JD Beyond Physical Retail
Towards the end of the period, we launched our loyalty programme pilot scheme, JD Status, across ten stores around Manchester. It is very early days in the scheme but initial results are encouraging with a very positive reaction from our customers and brand partners. Assuming continued success, the next stage would be a programme rollout across the UK.
We continue to invest in other areas of our omnichannel strategy to develop our capability. An end-to-end cyber improvement programme was initiated in the period to strengthen security architecture and we have an ambitious development roadmap in place to enhance this further. We also commenced the initial scoping for a new global e-commerce platform.
In addition, to keep ahead of our footprint growth, we continue to make improvements and investments in our supply chain. All major projects are progressing at pace. Our new European DC at Heerlen, in The Netherlands, will start receiving stock by December 2023 ahead of starting to ship to stores from early 2024 as planned. The fit out of the latest technology and automation solutions is underway, enabling it to serve as the logistics hub for all JD operations across Continental Europe. Our new UK B2C facility in Derby is moving towards optimum capacity and is on track to fulfil most UK online orders ahead of our peak trading period in Q4 2023. The planned exit from the temporary third-party logistics DC in Leeds was completed as planned earlier this year.

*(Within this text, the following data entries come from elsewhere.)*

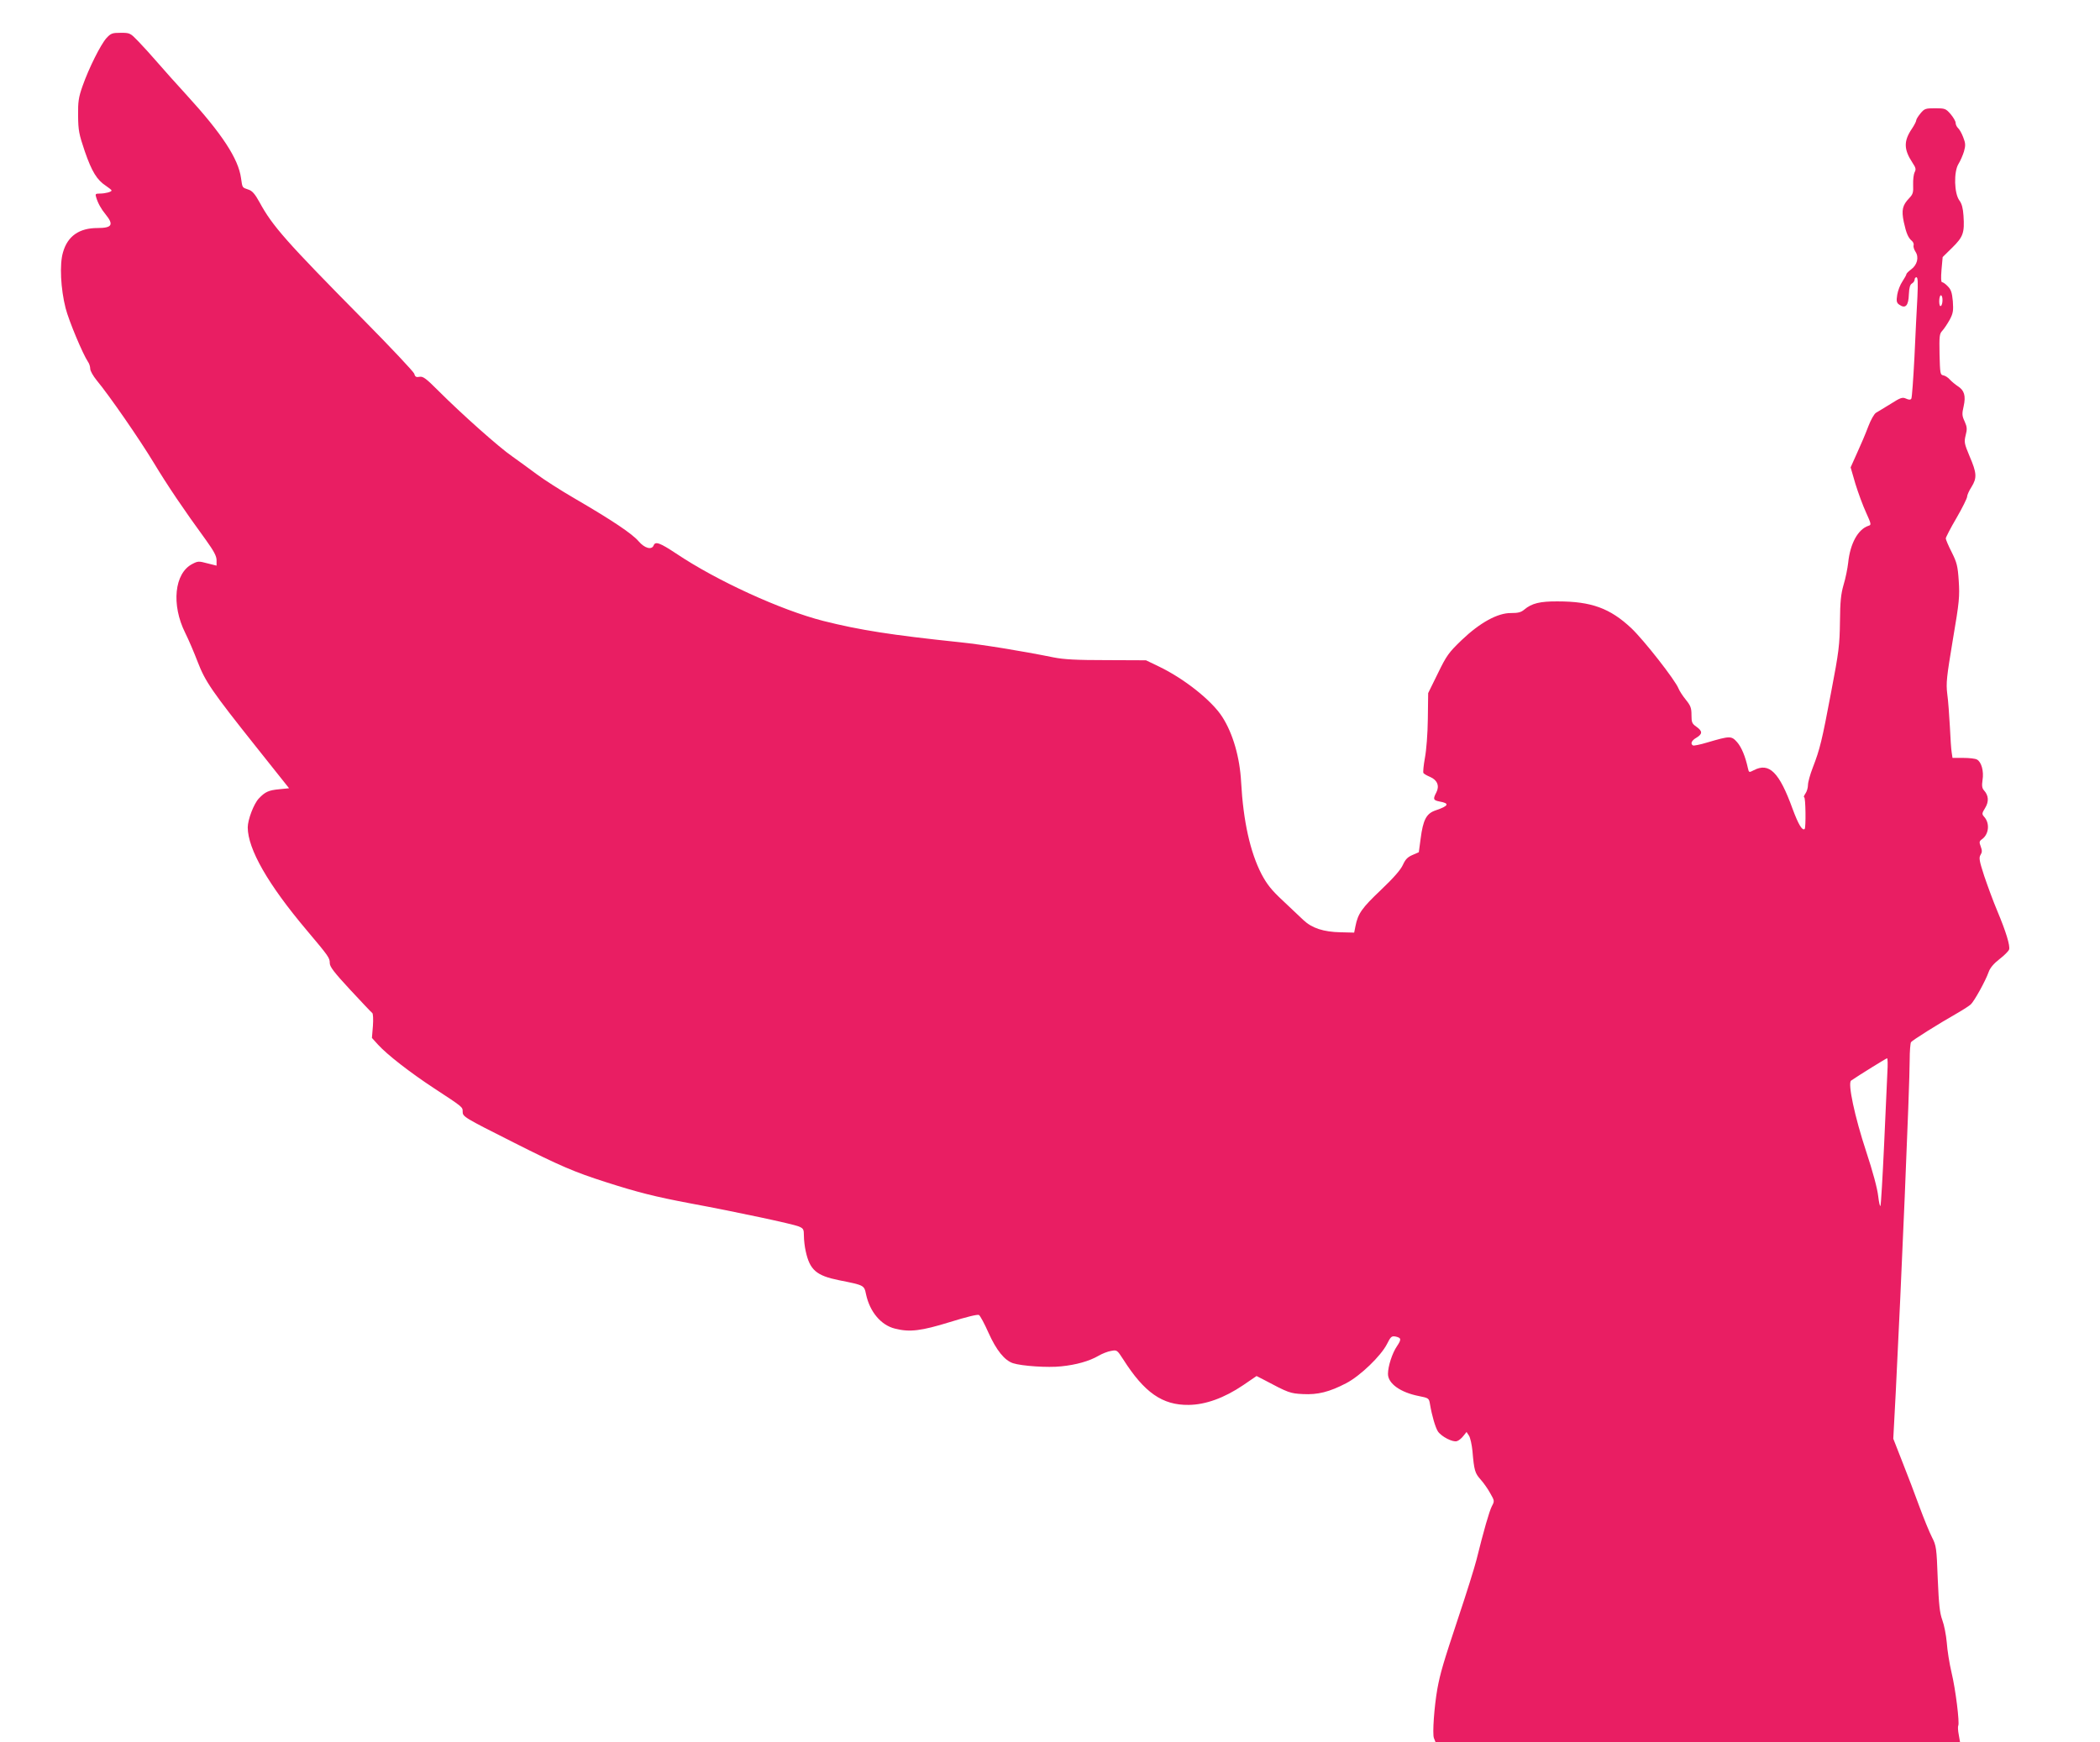 <?xml version="1.0" standalone="no"?>
<!DOCTYPE svg PUBLIC "-//W3C//DTD SVG 20010904//EN"
 "http://www.w3.org/TR/2001/REC-SVG-20010904/DTD/svg10.dtd">
<svg version="1.0" xmlns="http://www.w3.org/2000/svg"
 width="1280pt" height="1062pt" viewBox="0 0 1280 1062"
 preserveAspectRatio="xMidYMid meet">
<g transform="translate(0,1062) scale(0.1,-0.1)"
fill="#e91e63" stroke="none">
<path d="M649 10388 c-35 -39 -107 -182 -146 -293 -24 -68 -28 -95 -27 -180 1
-90 5 -112 41 -218 43 -124 74 -174 129 -210 18 -12 34 -25 34 -28 0 -9 -39
-19 -73 -19 -25 0 -27 -3 -21 -22 10 -35 31 -73 57 -104 52 -64 41 -84 -49
-84 -111 0 -182 -49 -210 -148 -22 -73 -14 -224 16 -341 20 -78 105 -280 136
-326 8 -11 14 -30 14 -43 0 -13 18 -44 39 -70 78 -94 261 -359 347 -501 85
-141 185 -289 320 -474 48 -67 64 -97 64 -122 l0 -33 -56 14 c-52 14 -58 14
-92 -4 -109 -56 -129 -248 -43 -420 21 -42 55 -122 76 -177 46 -119 84 -176
358 -520 l199 -250 -59 -6 c-66 -6 -87 -16 -125 -56 -31 -32 -68 -130 -68
-177 1 -132 122 -345 359 -626 135 -160 141 -169 141 -201 0 -22 26 -56 125
-163 69 -74 129 -138 134 -141 5 -3 7 -38 4 -79 l-6 -73 38 -42 c55 -60 193
-168 341 -265 177 -116 174 -114 174 -142 0 -31 6 -35 310 -188 281 -142 372
-181 560 -241 199 -64 304 -90 515 -130 291 -54 626 -126 663 -141 29 -12 32
-17 32 -58 0 -25 5 -67 11 -93 25 -115 65 -149 203 -177 155 -31 153 -30 165
-87 23 -106 91 -187 176 -208 90 -23 160 -14 335 40 103 32 169 48 177 43 8
-5 34 -54 58 -108 48 -107 98 -169 150 -186 53 -17 212 -28 293 -19 91 9 172
32 227 64 22 13 57 27 77 30 36 7 37 6 74 -51 129 -203 239 -280 399 -278 104
1 218 43 332 120 l82 56 43 -22 c152 -81 162 -84 239 -88 91 -5 162 13 264 66
85 44 212 166 249 239 22 44 28 50 51 46 37 -8 38 -17 10 -59 -29 -42 -55
-123 -55 -169 0 -59 76 -113 188 -135 60 -12 62 -13 68 -49 12 -72 33 -142 48
-166 21 -32 91 -68 116 -60 11 3 28 17 39 31 l20 25 15 -23 c8 -13 17 -54 21
-93 10 -118 15 -135 49 -173 18 -20 45 -58 59 -84 27 -47 27 -48 10 -80 -16
-32 -48 -143 -94 -328 -12 -47 -61 -204 -110 -350 -93 -280 -110 -338 -128
-435 -19 -108 -31 -273 -21 -300 l10 -25 1598 0 1599 0 -8 46 c-5 25 -6 50 -3
55 9 15 -16 221 -41 324 -13 55 -26 137 -29 183 -4 45 -16 107 -27 136 -16 44
-21 92 -28 252 -7 189 -9 202 -35 253 -15 29 -49 112 -76 185 -26 72 -73 195
-104 273 l-56 143 15 282 c33 644 85 1867 85 2028 0 52 4 100 8 107 7 11 164
110 287 180 33 19 68 42 77 50 21 19 90 143 109 197 9 26 31 52 67 80 29 22
55 49 58 58 7 23 -19 109 -72 235 -25 59 -60 155 -80 214 -30 92 -33 111 -22
128 10 16 10 27 1 51 -10 26 -9 32 6 43 44 30 51 98 15 138 -15 17 -14 21 6
54 24 39 21 76 -7 107 -12 13 -14 28 -9 63 9 54 -7 111 -34 125 -10 6 -48 10
-84 10 l-65 0 -5 33 c-3 17 -8 88 -11 157 -4 69 -10 159 -16 200 -8 67 -4 101
34 330 40 234 42 264 36 359 -6 92 -12 113 -43 175 -20 39 -36 77 -36 84 0 6
29 63 65 124 36 62 65 121 65 130 0 10 12 37 27 60 34 55 32 85 -12 187 -32
77 -34 86 -24 127 10 38 9 51 -6 85 -16 34 -17 46 -6 93 14 63 4 97 -36 122
-15 10 -37 28 -48 40 -11 13 -29 24 -40 26 -19 3 -20 12 -23 127 -2 112 -1
126 17 145 11 12 31 42 45 67 21 40 23 55 19 113 -5 53 -11 71 -31 91 -13 14
-29 25 -35 25 -6 0 -7 27 -3 76 l7 77 59 58 c66 65 75 90 68 194 -3 45 -10 73
-25 93 -32 43 -35 174 -6 222 12 19 27 54 34 77 10 36 10 49 -5 87 -9 24 -24
50 -32 56 -7 7 -14 21 -14 31 0 10 -14 34 -31 54 -29 33 -34 35 -94 35 -58 0
-65 -2 -89 -31 -14 -17 -26 -36 -26 -42 0 -7 -12 -30 -26 -51 -51 -75 -51
-126 3 -208 20 -30 23 -40 13 -58 -6 -12 -10 -46 -9 -76 2 -47 -1 -58 -24 -82
-41 -43 -48 -72 -33 -145 15 -69 27 -97 50 -116 8 -7 12 -19 10 -26 -3 -7 2
-25 11 -39 23 -34 11 -81 -26 -108 -16 -12 -29 -25 -29 -29 0 -5 -11 -24 -24
-44 -14 -20 -28 -57 -32 -82 -6 -38 -4 -49 12 -60 38 -27 57 -7 59 63 2 41 7
59 19 66 9 5 16 16 16 23 0 8 5 15 11 15 9 0 10 -33 6 -122 -4 -68 -12 -232
-18 -365 -7 -133 -15 -247 -19 -253 -5 -8 -14 -8 -32 0 -22 10 -33 7 -94 -32
-38 -23 -78 -48 -89 -54 -11 -6 -32 -43 -48 -85 -15 -41 -46 -113 -68 -161
l-39 -87 29 -100 c17 -55 46 -134 65 -175 32 -71 33 -76 15 -81 -64 -21 -112
-108 -124 -226 -4 -35 -16 -95 -28 -134 -16 -56 -21 -101 -22 -225 -2 -141 -6
-180 -54 -430 -56 -297 -68 -346 -112 -460 -16 -41 -29 -89 -29 -105 0 -17 -7
-41 -16 -53 -8 -12 -12 -22 -7 -22 9 0 11 -185 3 -193 -14 -14 -39 28 -74 123
-81 223 -142 284 -236 235 -29 -15 -30 -15 -36 12 -16 73 -39 128 -66 159 -35
39 -42 39 -182 -2 -43 -13 -82 -21 -87 -18 -17 10 -9 30 21 47 38 23 38 40 0
67 -27 19 -30 27 -30 71 0 43 -5 57 -34 93 -19 23 -39 54 -45 69 -20 51 -210
294 -288 368 -129 121 -243 163 -448 163 -108 1 -159 -12 -203 -49 -21 -18
-39 -22 -82 -22 -81 1 -189 -58 -301 -165 -79 -76 -92 -94 -145 -203 l-59
-120 -2 -157 c-1 -91 -9 -192 -18 -239 -8 -44 -12 -85 -9 -91 4 -6 22 -16 41
-24 44 -19 58 -55 38 -94 -22 -42 -19 -48 20 -56 63 -11 55 -27 -25 -54 -56
-19 -76 -57 -91 -173 l-11 -82 -39 -17 c-30 -13 -43 -27 -58 -60 -13 -29 -55
-78 -134 -153 -116 -110 -140 -144 -155 -220 l-8 -40 -82 2 c-104 2 -175 25
-227 74 -22 21 -79 75 -127 120 -69 64 -96 99 -129 161 -69 134 -111 323 -124
560 -8 151 -50 297 -115 398 -64 100 -233 234 -388 308 l-77 37 -240 1 c-184
0 -260 4 -325 17 -198 40 -433 78 -569 92 -419 44 -610 74 -833 130 -258 66
-648 244 -897 411 -98 65 -127 76 -137 49 -12 -29 -55 -17 -91 25 -40 47 -163
129 -388 260 -88 51 -194 119 -236 151 -43 32 -109 80 -147 107 -79 54 -310
260 -448 398 -77 77 -95 91 -117 87 -20 -4 -27 0 -32 19 -4 12 -143 160 -309
328 -475 481 -555 572 -634 717 -28 51 -45 70 -67 77 -40 14 -37 9 -46 71 -16
117 -116 270 -330 504 -63 69 -143 158 -179 200 -36 42 -88 99 -116 128 -50
52 -52 53 -108 53 -52 0 -60 -3 -87 -32z m11191 -1597 c0 -17 -4 -33 -10 -36
-6 -4 -10 8 -10 29 0 20 5 36 10 36 6 0 10 -13 10 -29z m-336 -4708 c-2 -49
-11 -248 -20 -443 -9 -195 -19 -362 -22 -370 -3 -8 -9 18 -14 59 -5 46 -33
150 -73 271 -70 212 -114 418 -92 433 48 33 213 135 219 136 4 1 5 -38 2 -86z"/>
</g>
</svg>

People, Partners & Communities
Our people are at the heart of our business. We have invested an annual £45m in our retail colleagues’ base salaries to ensure we recruit and retain the best talent and, following this investment, we have seen a significant reduction in colleague turnover. We are also investing in a new global HRIS project which will ensure a much more seamless HR experience for our people.
Our new global leadership team is almost fully embedded now and driving the JD First strategy across the business. In October, Dominic Platt will join as the Group’s new Chief Financial Officer and Adam Warne will join as the new Chief Technology Officer, taking full responsibility for our systems across the globe.
Our partner relationships are as strong as ever. We are Nike’s key global partner, while we are Adidas’s biggest global partner for the ‘terrace’ category, within which we’ve seen a great performance from Gazelle and Samba. Alongside the larger brands, through our scale and global reach, we are well placed to support the global development of fast-growing brands and in H1 we saw particularly strong growth from New Balance and On Running.
Our commitment to our community is showcased through our ongoing partnership with the JD Foundation and various community support programmes across the regions, such as the Shoe Palace ‘Believe to Achieve’ programme. The JD Foundation strategy is evolving to focus on building stronger youth communities and transforming young people’s lives through opportunities, engagement and social change.